In “Tulips Dying,” a vase of flowers is ignored by a household too busy to look at them. They wilt,

their supple, slightly bended stems
sucking up darkening water in the vase,
soft green leaf spears arcing over the lip.
Their petals’ silken flesh dries and twists
to parchment, to husks. […]
It will be days before anyone notices
and in disgust absentmindedly tosses them
into dark plastic bags with moldy applesauce
to await the garbage truck’s uproarious jaws.

The surprise of these last lines, with their unusual half-rhyme (applesauce and jaws), provides a piquant contrast with the moody romanticism of King’s description of the wasted flowers. It is characteristic of her delicately ironic sensibility. King is at her best when, as in “Tulips Dying,” she combines psychological insight with close observation.

There is a sense of urgency in some of the poems in this book that does not always serve them well. An example is “Plastics,” a poem in which King is at pains to make her reader aware of the carcinogenic properties of plastics:

Did you know that softer plastics ‘gas off,’
release their toxins to whatever comes in contact
with them?

I feel that King’s eagerness to get her message across has worked against her here. Prose would seem a much more suitable vehicle for facts like these, which do not translate well into verse because it is a more unforgiving and concentrated form of writing.

Despite this tendency to over-explain, King has written some very fine poems about her battle with breast cancer. My favorite is “Boob,” which describes a prosthestic breast at humorous length, yet does not skirt the darker issues of trauma, fear, and self-doubt associated with having a mastectomy:

It looks like a sand dune, a mosque dome,
a homeless mollusk. It shape shifts in my hand
like silly putty, like a piece of meat in aspic.
When prodded, it jiggles. It’s a silicone hillock. […]
        Still warm
for awhile when I take it off as I’ll be
for a few moments after I’m gone, it schlumps
faux-nipple down on my bureau making a basin,
a crater, a goblet top—the cup that wouldn’t pass.

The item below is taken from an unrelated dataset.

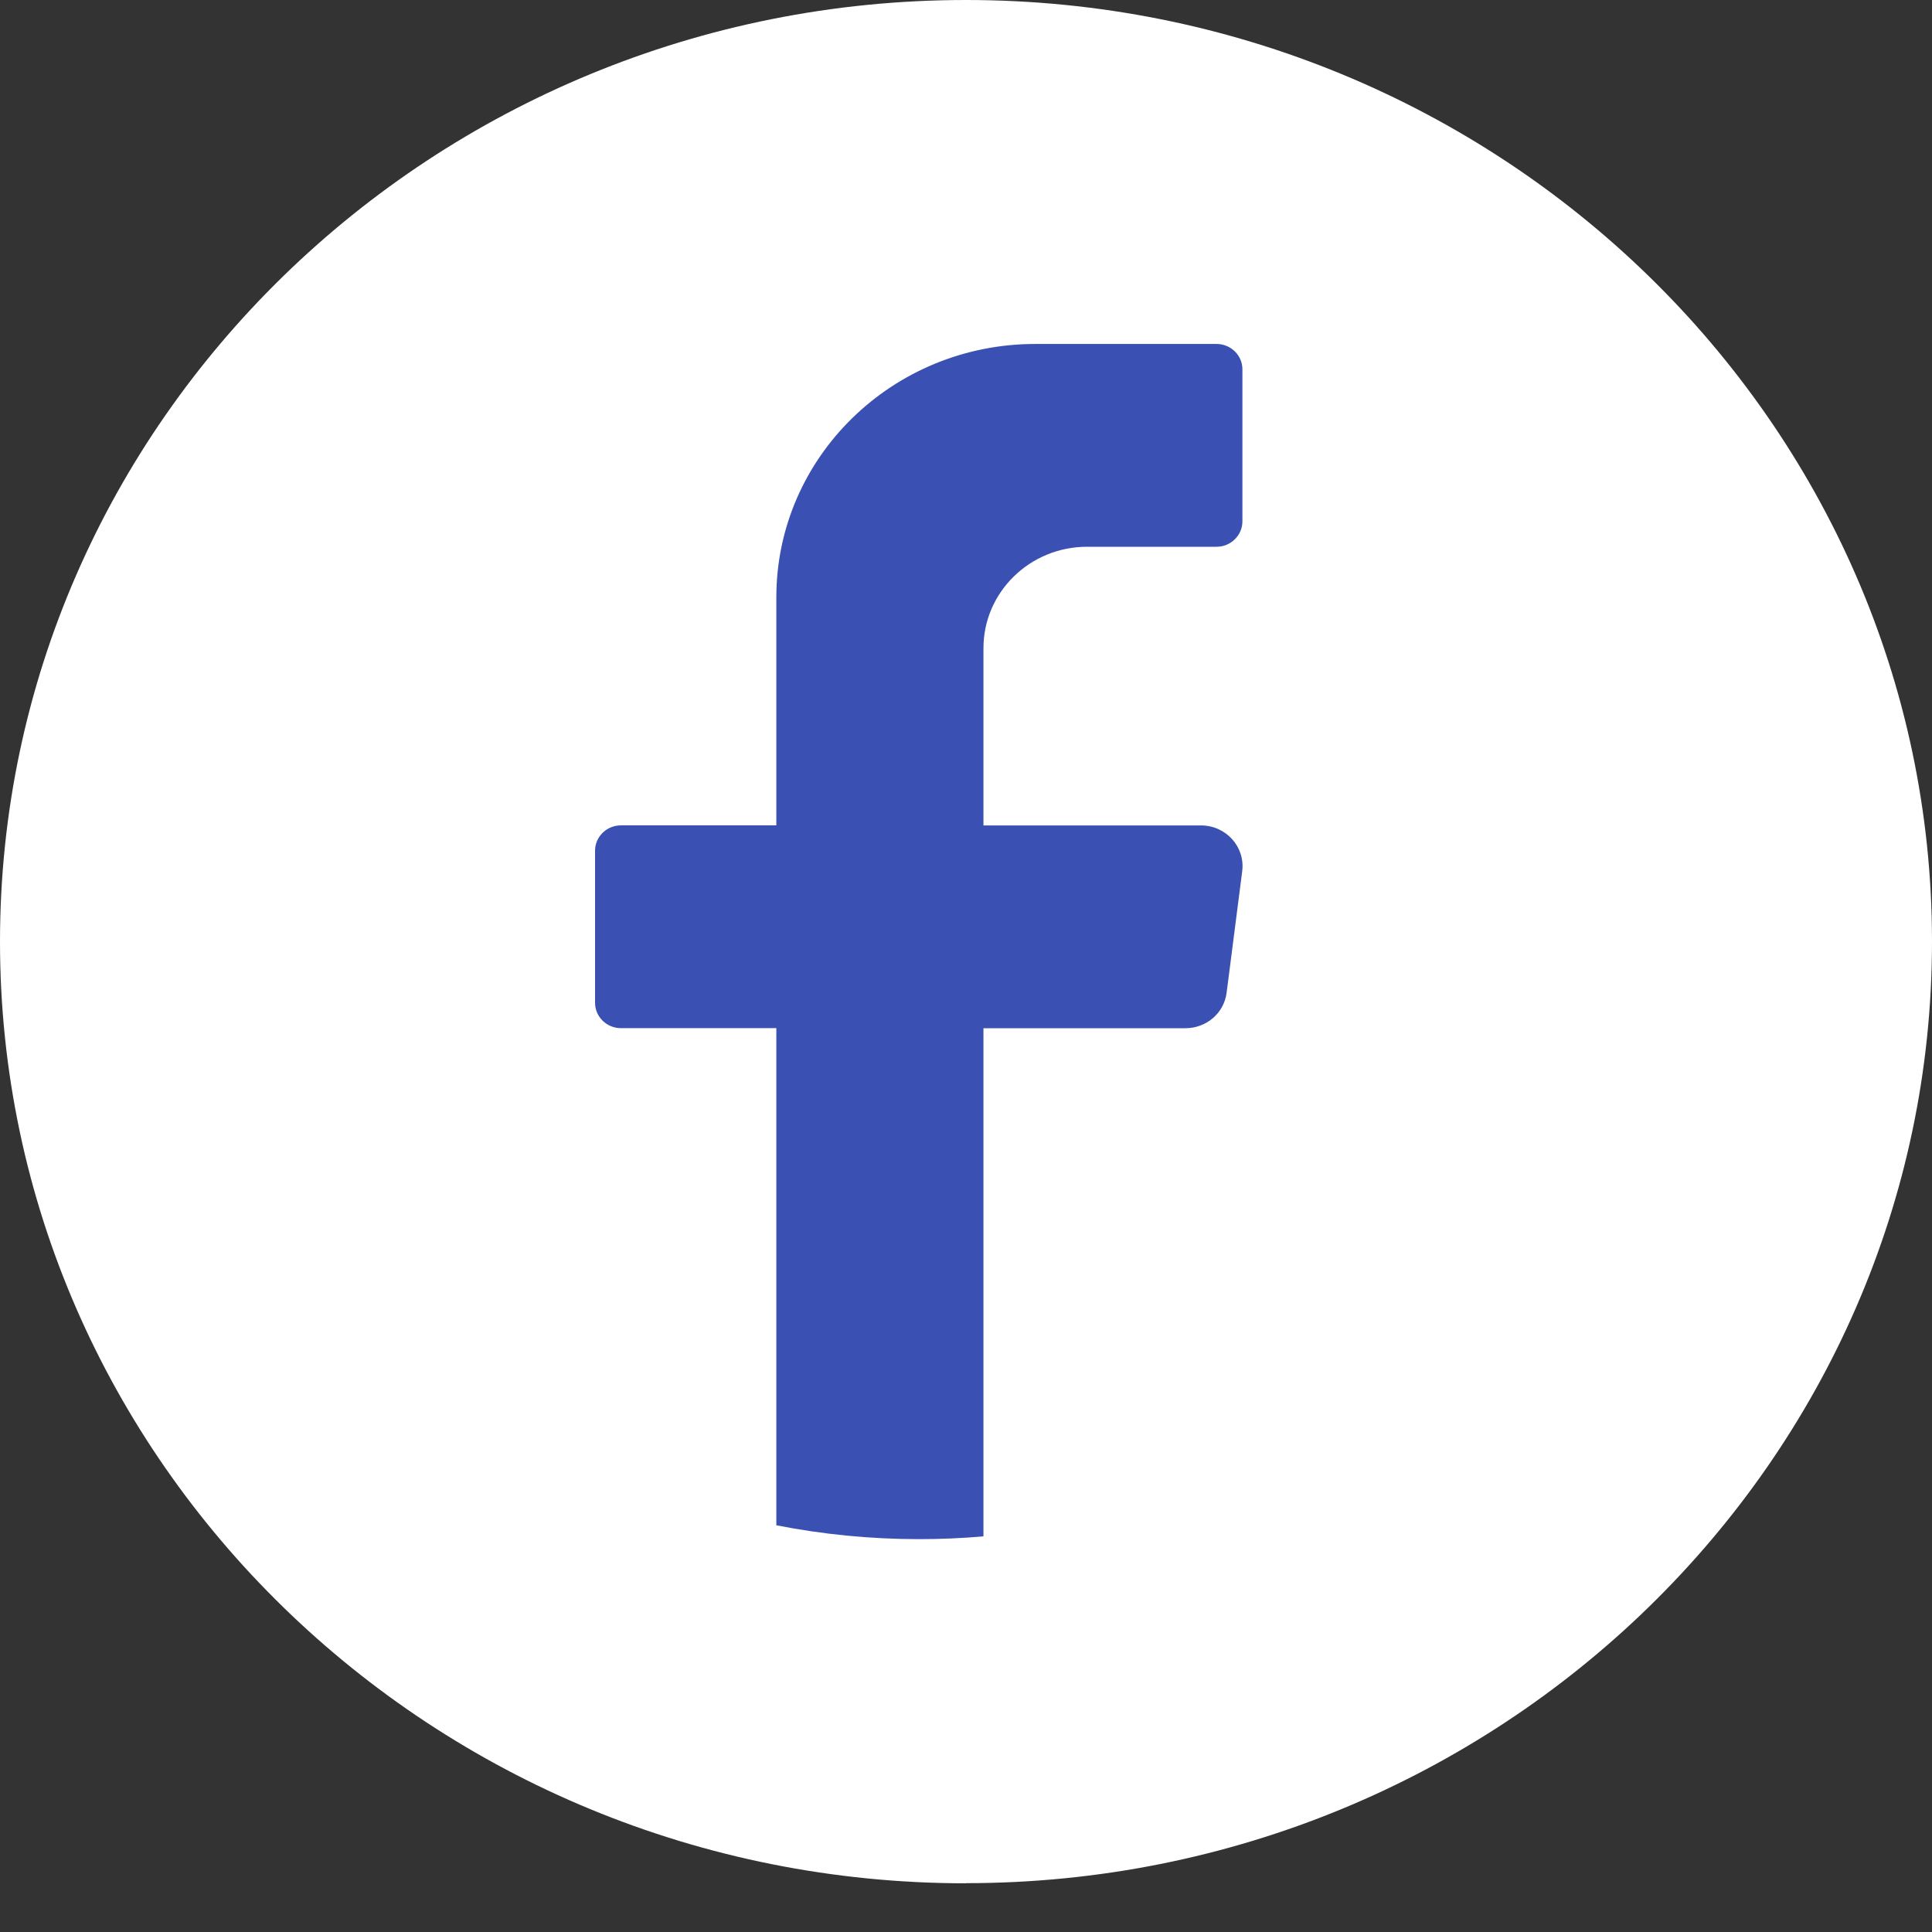<svg width="29" height="29" viewBox="0 0 29 29" fill="none" xmlns="http://www.w3.org/2000/svg">
<rect x="0" y="0" width="29" height="29" fill="#333333" stroke="none"/>
<path d="M14.5 28.269C6.505 28.269 0 21.928 0 14.135C0 6.342 6.505 0 14.5 0C22.495 0 29 6.341 29 14.133C29 21.926 22.495 28.267 14.5 28.267V28.269Z" fill="white"/>
<path d="M18.646 13.077L18.412 14.901C18.373 15.207 18.109 15.434 17.793 15.434H14.762V23.061C14.442 23.09 14.118 23.103 13.791 23.103C13.059 23.103 12.344 23.031 11.653 22.895V15.433H9.321C9.106 15.433 8.932 15.262 8.932 15.052V12.769C8.932 12.56 9.106 12.389 9.321 12.389H11.653V8.966C11.653 6.866 13.394 5.163 15.54 5.163H18.261C18.475 5.163 18.649 5.334 18.649 5.543V7.826C18.649 8.035 18.475 8.207 18.261 8.207H16.317C15.46 8.207 14.762 8.888 14.762 9.729V12.39H18.027C18.402 12.39 18.692 12.711 18.646 13.075V13.077Z" fill="#3A50B3"/>
</svg>

King’s excellent ear for a memorable phrase is apparent here: “homeless mollusk” and “silicone hillock” are not merely evocative images—alliteration and internal rhyme make them catchy, too. And rare is the poet who casually alludes to the Bible while making a pun about her bra as in “the cup that wouldn’t pass.”

The preface to One-Breasted Woman informs us that a woman is diagnosed with breast cancer every 1.9 minutes. Most of us, sad to say, are aware of the prevalence of this disease—few lives have not been touched by it, if only peripherally. Susan Deborah King’s heartfelt collection of poetry is a testament to a struggle that belongs not only to her, but to millions of women and those who love them.